How this skill works

It scans recent completed CI workflow runs on main (configurable commit count) and downloads Playwright html-report artifacts to extract flaky tests from results.json. It also scans recent open PR comments posted by the Playwright bot to extract reported flaky tests. Tests are deduplicated and ranked by occurrence, then each spec file is run repeatedly to confirm flakiness before applying test-only fixes and verifying them.

When to use it

  • After a series of CI failures where tests intermittently fail on main
  • When Playwright bot comments in PRs report flaky tests
  • As part of a regular maintenance pass to reduce CI flakiness
  • Before a release to improve E2E stability and reduce noise
  • When you need a prioritized list of highest-impact flaky tests

Best practices

  • Always use the TodoWrite tool to track progress and mark steps in_progress/completed
  • Use PLAYWRIGHT_RETRIES=0 when reproducing flakiness to avoid masking issues
  • Do not change application code; only modify tests and snapshot baselines
  • Run npm install and npm run build before running E2E tests and after any app-code changes
  • Limit fix attempts to two per spec file; revert and move on if unresolved

Example use cases

  • Scan the last 10 commits on main, gather flaky tests, and create PRs with test fixes
  • Investigate flaky tests reported in recent PR comments by wwwillchen-bot and deflake them
  • Run targeted deflake workflow for the top 5 most frequently flaky spec files
  • Automate a weekly deflake sweep to keep CI noise low
  • Confirm suspected flaky tests by running a spec 10 times with retries disabled

FAQ

How many commits does it scan by default?

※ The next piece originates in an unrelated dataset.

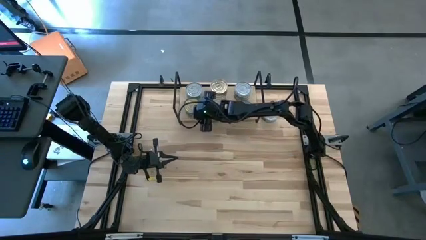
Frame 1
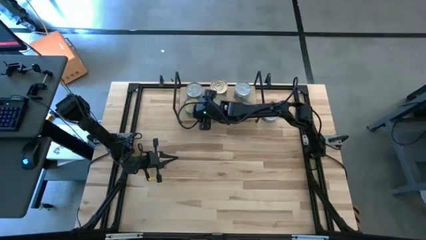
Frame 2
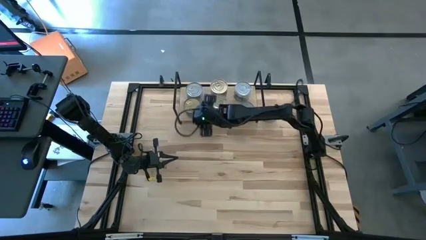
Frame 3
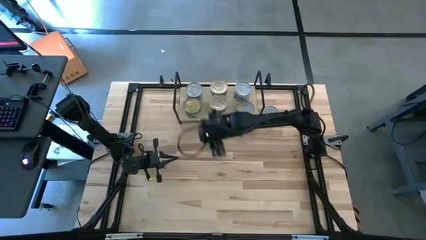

It scans 10 recent commits by default, but the commit count is configurable via an argument.

What counts as a flaky test?

A test whose final run status is passed but has at least one prior run with failed, timedOut, or interrupted in the Playwright results.

Can this change application code to fix flakiness?

No. The workflow only edits test files and snapshot baselines; changing application code is explicitly disallowed.